__WHAT YOU SHOULD DO__.
Reproduce every record below exactly, with the pictures left out.

____ THE RECORDS

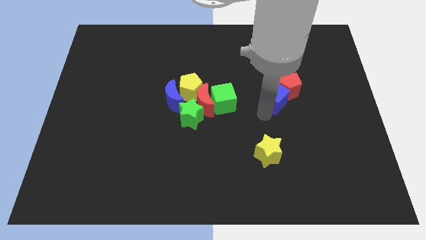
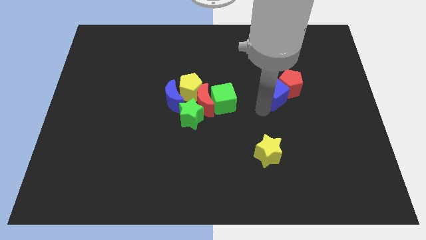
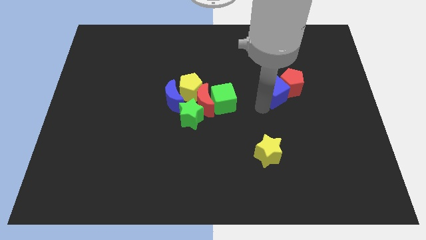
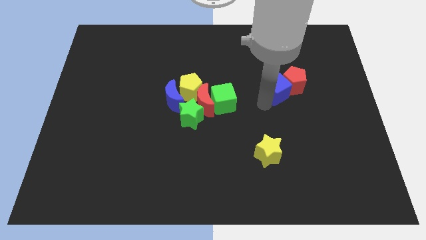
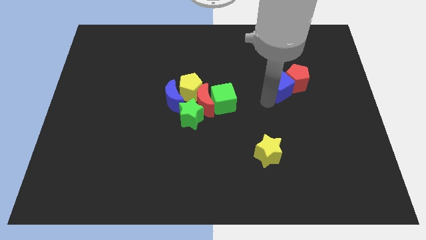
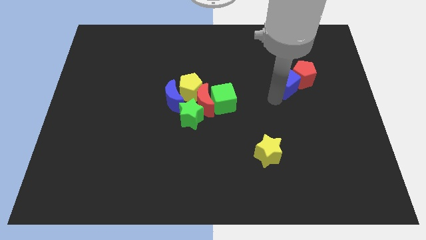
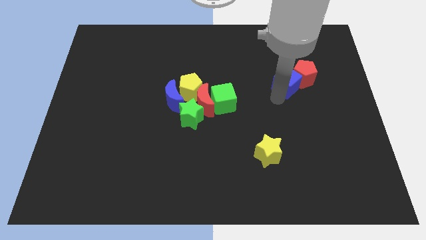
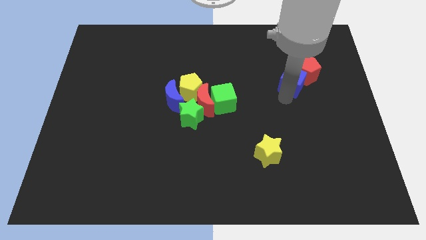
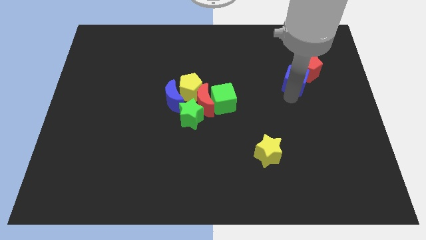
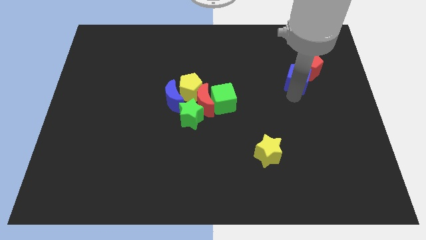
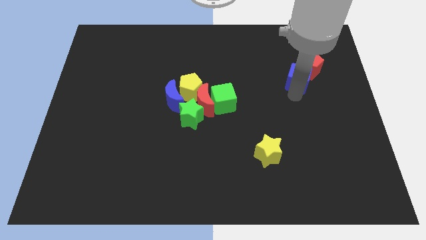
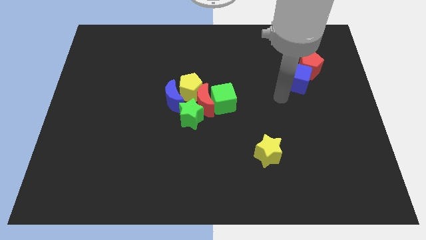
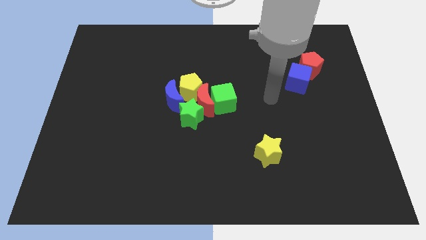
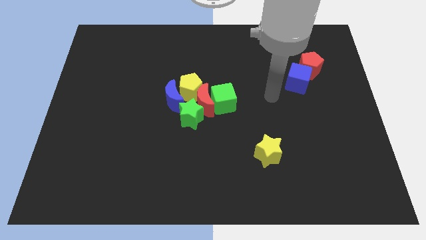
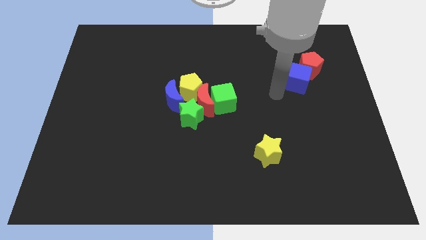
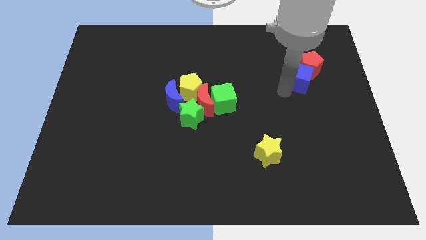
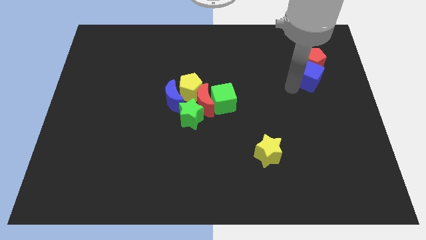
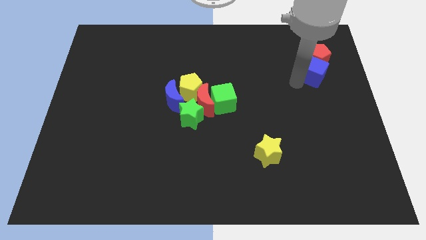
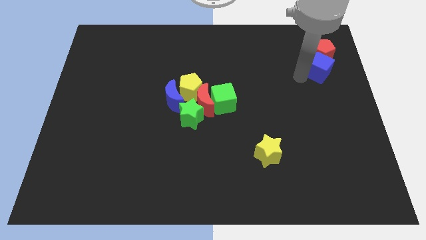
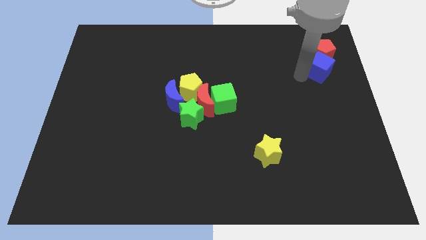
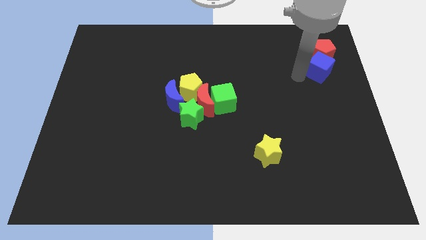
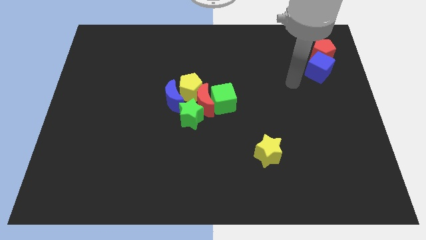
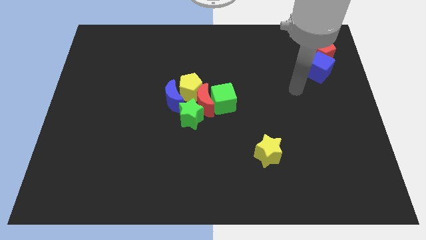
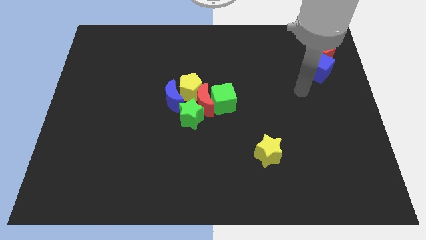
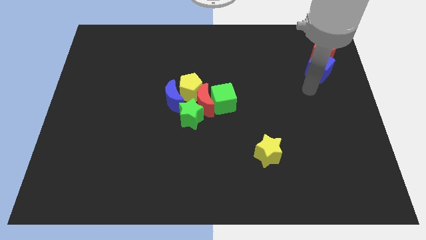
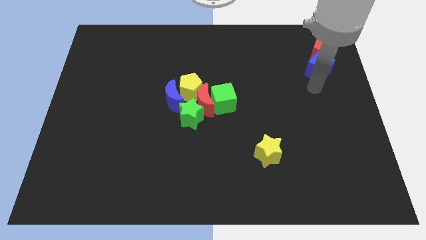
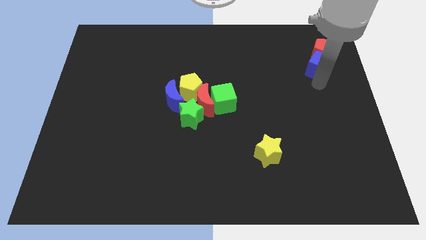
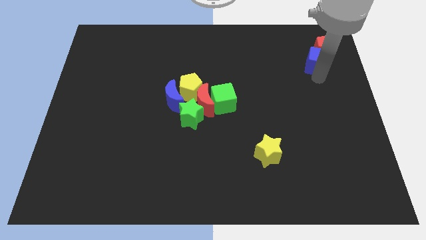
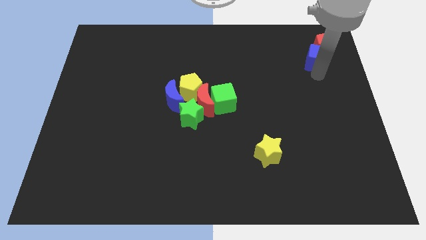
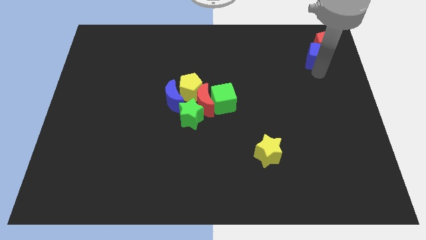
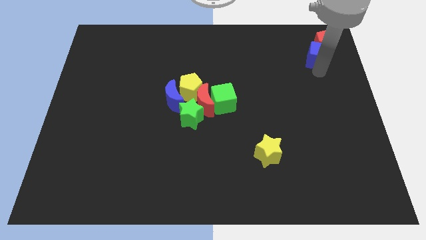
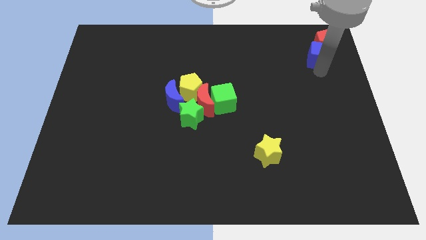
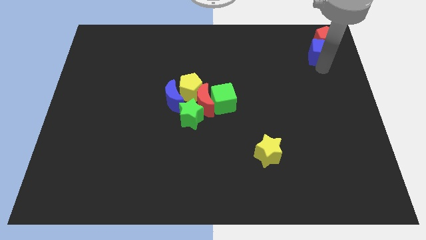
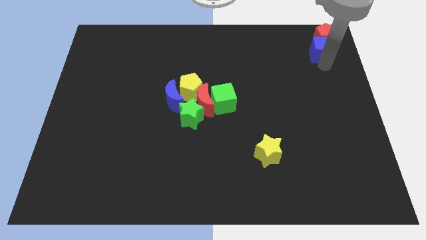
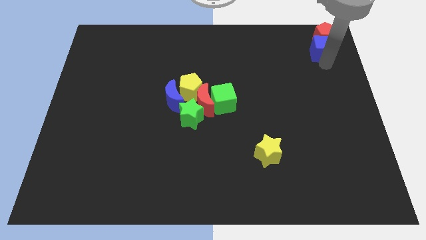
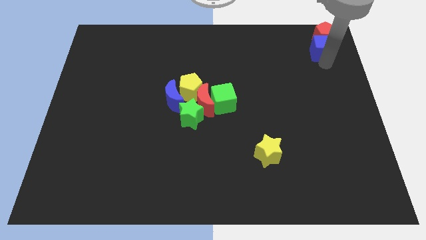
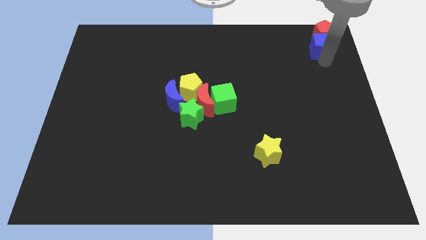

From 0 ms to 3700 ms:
push the blue cube along with the red pentagon to the top right

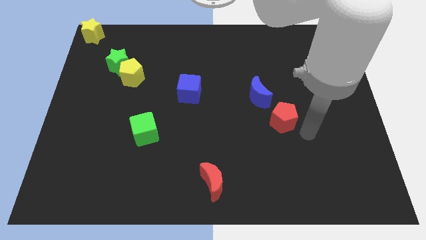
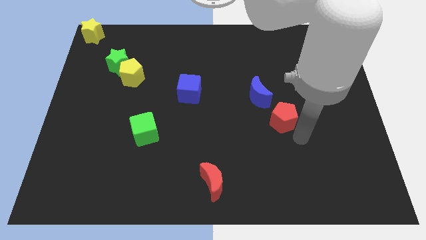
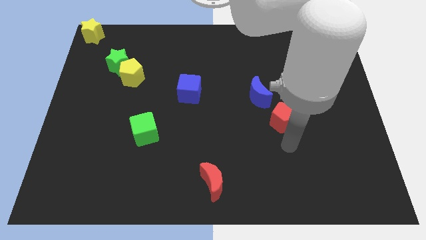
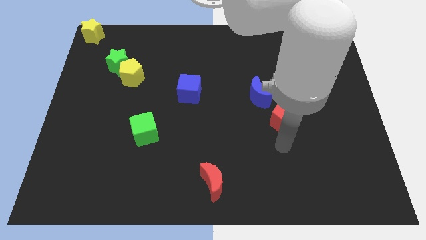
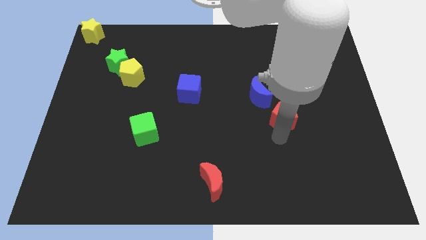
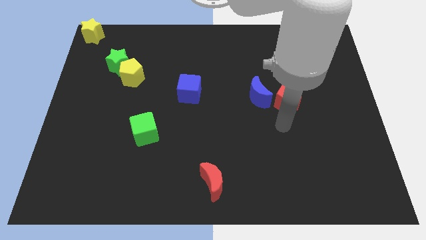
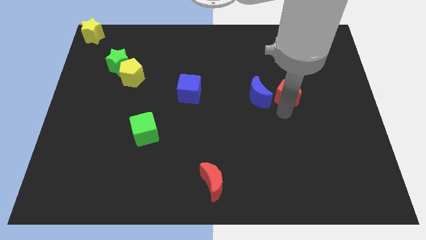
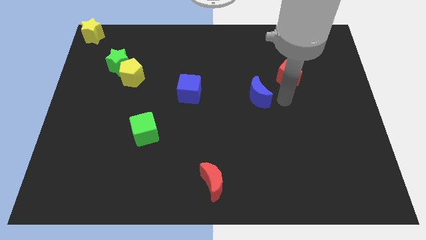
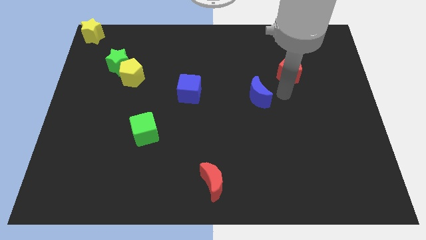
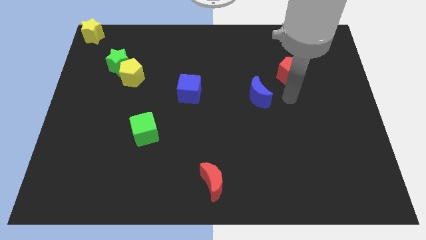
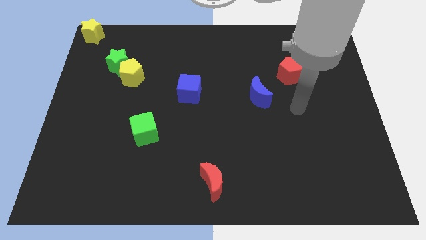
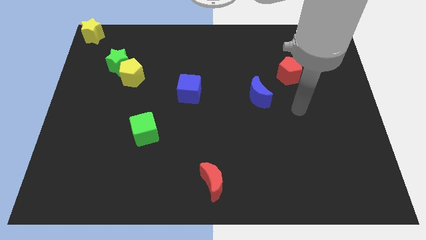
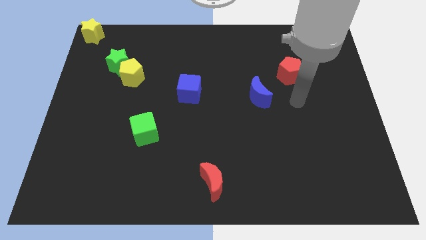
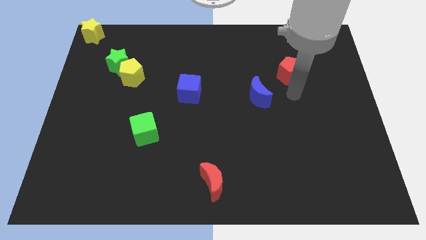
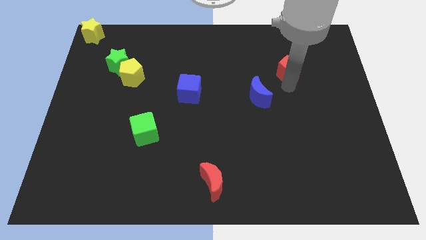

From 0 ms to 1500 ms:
push the red pentagon towards the top right side of the board

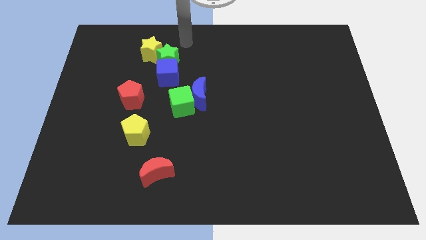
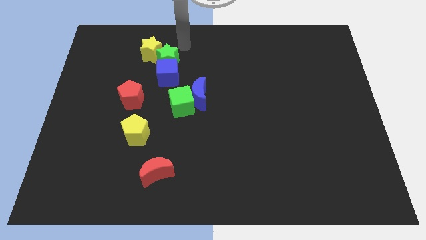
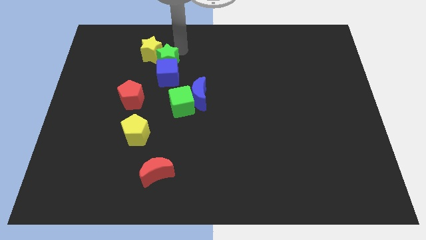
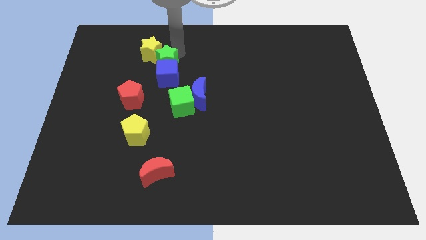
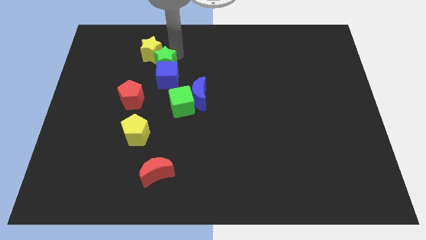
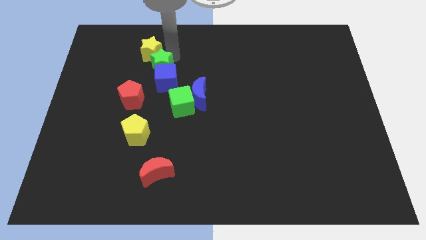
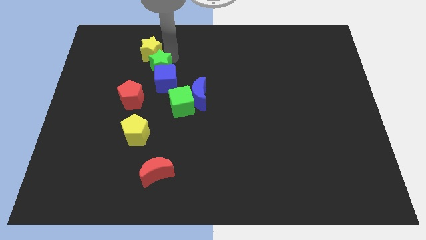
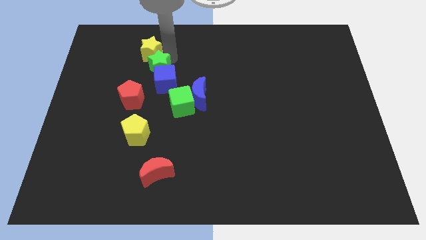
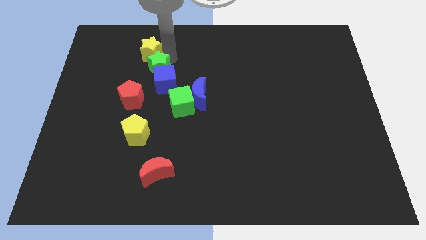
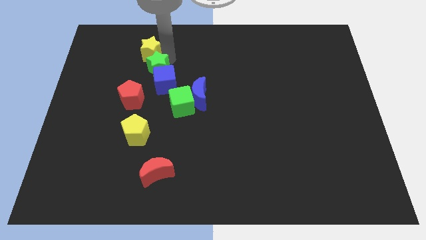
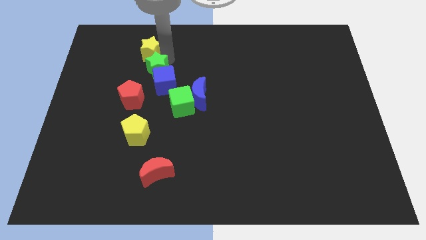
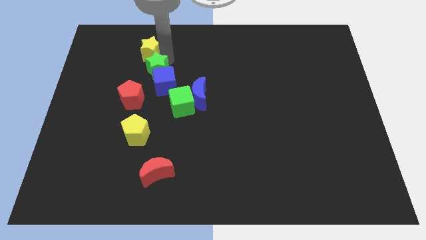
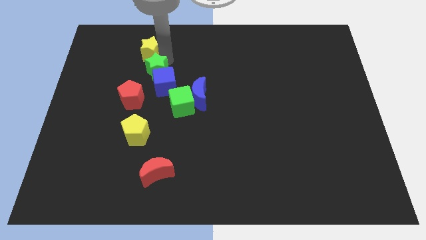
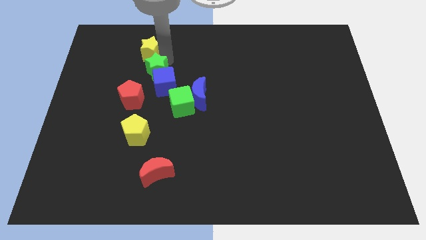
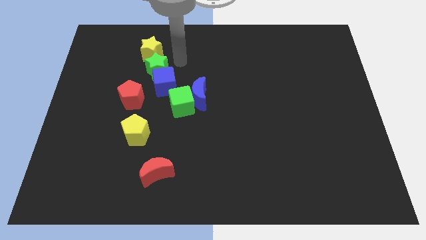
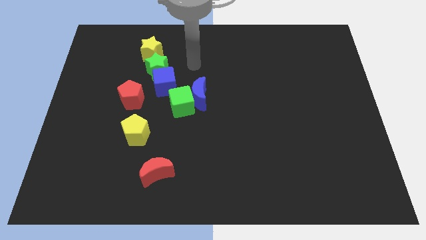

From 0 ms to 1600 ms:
put the green star in between the blue cube and the yellow star

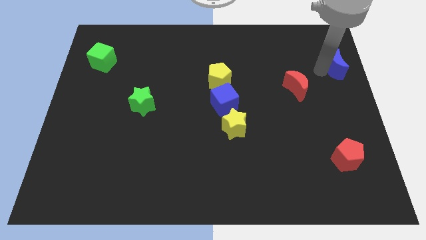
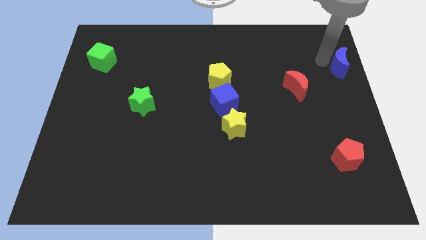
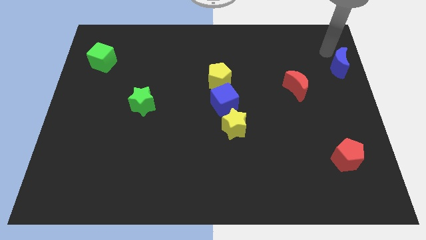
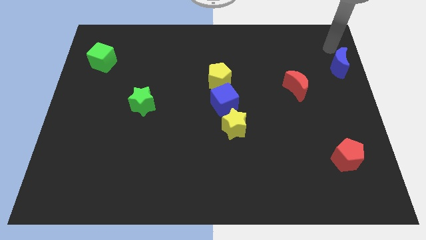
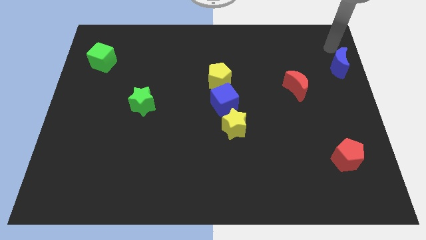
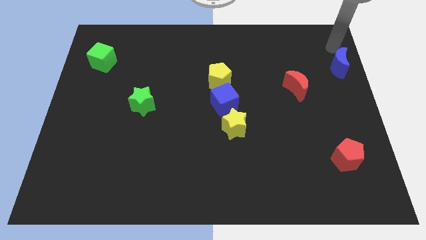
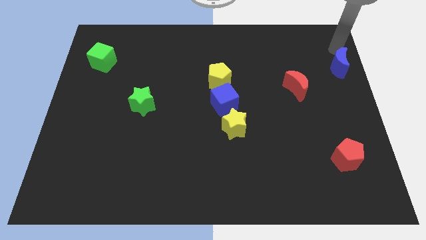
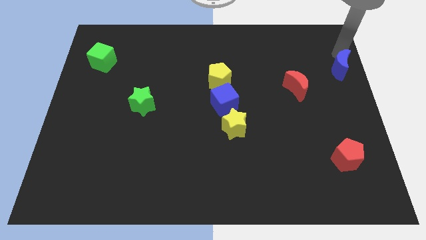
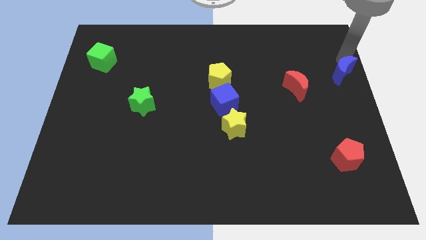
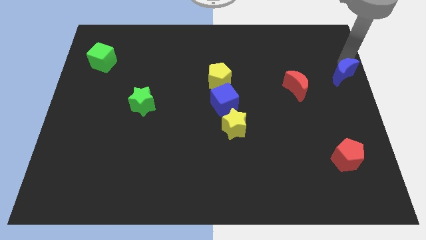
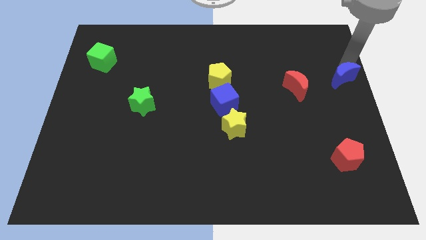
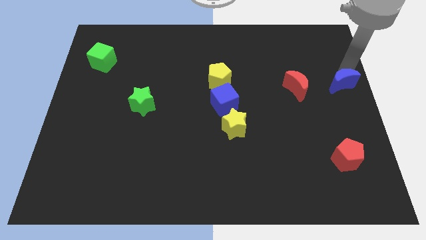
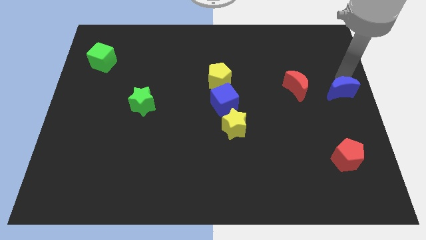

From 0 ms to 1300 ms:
place the blue crescent parallel to the right side of the red moon

________

__ANSWER SECTION__.
From 0 ms to 3700 ms:
push the blue cube along with the red pentagon to the top right


From 0 ms to 1500 ms:
push the red pentagon towards the top right side of the board


From 0 ms to 1600 ms:
put the green star in between the blue cube and the yellow star


From 0 ms to 1300 ms:
place the blue crescent parallel to the right side of the red moon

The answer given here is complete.